Well, the worst contract (Jaric) and locker room distraction (Walker) are gone, which is in itself a good start. We added two players who very well could start, which improves bench depth. And we get our purported point guard of the future for a full season, gods willing. We got an athletic swingman who is cheap and might be worth something in Carney. It's not night and day, no. But it's some change. (Note I didn't bother discussing Collins, Cardinal or Booth.)


----------



## luther

J. Zgoda says the deal is up to five years, 22 million, but it's two guaranteed ($3.5 and $3.8m); the Wolves have a team option after the second and third years; then Gomes has a player option if he's still here after year four.


----------



## nets1fan102290

im surprised he got 5 years so i guess him and brewer will be fighting for the starting small foward position?


----------



## luther

nets1fan102290 said:


> im surprised he got 5 years so i guess him and brewer will be fighting for the starting small foward position?


Well, realistically he probably didn't get five years: he got two guaranteed. Each of the next two, the Wolves hold an option. And then he holds an option for the fifth, by which time the roughly $5 million won't be that big a salary anyway, most likely, and he may not want it (if he's performing well).
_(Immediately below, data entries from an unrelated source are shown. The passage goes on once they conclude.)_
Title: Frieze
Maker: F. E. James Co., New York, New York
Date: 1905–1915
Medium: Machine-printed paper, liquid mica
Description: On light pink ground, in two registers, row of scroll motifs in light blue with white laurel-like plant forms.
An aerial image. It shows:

As for positions, he'll be in the mix fighting for that starting SF spot, presumably with Brewer and maybe Miller, if they go with McCants as SG.


----------



## Mateo

well, didn't they give hudson and hassell 4 or 5 year contracts? we do have a past of giving bench players long contract, so I'm still worried that the option year thing might not be true. we have a history of this.


----------



## luther

Mateo said:


> well, didn't they give hudson and hassell 4 or 5 year contracts? we do have a past of giving bench players long contract, so I'm still worried that the option year thing might not be true. we have a history of this.


The option thing has been publicly discussed at a press conference: it's true. The Hudson and Hassell deals had no options. Granted, we could make a bad decision and keep him (if it is a bad decision at the time--time will tell about that), but the options are there. We can get out after the 2009-10 season if we choose to.


----------